Devoir de mémoire: 22 septembre 1998 – Semira Adamu, par Patrick Sessler

Un ministre de l’IntérieuDevoir de mémoire: 22 septembre 1998  -  Semira Adamu, par Patrick Sesslerr qui démissionne, des policiers inculpés, des organisations de gauche hystériques, bref, le décès le 22 septembre 1998 de la demandeuse d’asile Semira Adamu (20 ans) fut un événement marquant de la fin du 20ème siècle dans notre pays. Ajoutons tout de suite qu’on a rarement vu dans notre histoire une telle instrumentalisation politique et médiatique de la souffrance humaine.

Semira Adamu était née le 15 avril 1978 à Kakaduna. Elle était une demandeuse d’asile nigériane qui prétendait fuir son pays pour échapper à un mariage forcé. Sa demande d’asile rejetée, elle avait été transférée au Centre de rapatriement 127bis à Steenokerzeel. Elle fut l’objet de plusieurs tentatives d’expulsions forcées par avions de ligne. Ces dernières ayant échoué, du fait de sa rébellion systématique.

Sixième tentative d’expulsion

Lors d’une sixième tentative d’expulsion vers Lomé au Togo, après avoir été conduite dans l’avion selon la procédure en vigueur, elle a commencé à crier à l’arrivée des passagers. Conformément aux procédures fixées par le ministère de l’intérieur, les 9 gendarmes l’accompagnant ont alors décidé d’appliquer la «technique du coussin». Victime d’un arrêt respiratoire, le pilote fit appeler une équipe médicale. Après les manœuvres de réanimation, elle fut transférée dans le coma sous surveillance policière aux urgences des Cliniques Universitaires saint-Luc.
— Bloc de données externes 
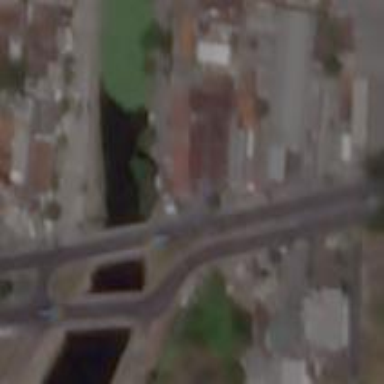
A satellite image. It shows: Secondary road crossing bridge.

Le président de la Ligue des droits de l’homme et des journalistes se sont alors présentés, entraînant la formation d’une cellule de crise. Le décès de Semira Adamu fut constaté à 21h30 et annoncé comme accidentel par le directeur de l’hôpital en conférence de presse.

Les autorités judiciaires réagirent tout d’abord par un communiqué affirmant que ce décès était dû à une hémorragie survenue de manière accidentelle et sans rapport avec l’expulsion, thèse soutenue par le communiqué médical de l’hôpital Saint-Luc.

Enquête judiciaire

La responsabilité de la mort de Semira Adamu incombe directement et sans le moindre doute au «collectif citoyen» qui l’assistait dans sa demande d’asile. Ce sont les membres de ce «collectif» qui ont conseillé à cette jeune africaine de se rebeller en hurlant et en se débattant avec rage pour émouvoir les autres passagers de l’avion et obliger le pilote à refuser de décoller pour des raisons de sécurité évidentes. Le but est évidemment de repousser le plus possible le moment de l’expulsion en attendant une éventuelle régularisation de la personne en situation illégale ou ayant tenté d’abuser du droit d’asile.
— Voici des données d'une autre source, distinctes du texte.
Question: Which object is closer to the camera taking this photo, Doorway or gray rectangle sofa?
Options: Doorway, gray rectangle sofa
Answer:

Une enquête judiciaire fut ouverte, tout d’abord pour déterminer la responsabilité du «collectif citoyen». Ce soutien aurait en effet été à l’origine de sa rébellion, cause directe de sa mort. Cependant, face à l’indignation du monde associatif et de plusieurs parlementaires, cette hypothèse fut abandonnée. La grosse machine à gommer la vérité s’était mise en marche. Cette vérité n’était pas du tout politiquement correcte, ce ne pouvait donc pas être LA vérité. Du coup, il fallait trouver des causes «acceptables» à ce tragique accident. Il fallait que des têtes roulent. Première victime, Louis Tobback, Ministre de l’Intérieur. Il a la tutelle sur les services de police qui réalisent les expulsions et il est le responsable politique des procédures en vigueur, y compris de la technique dite «du coussin».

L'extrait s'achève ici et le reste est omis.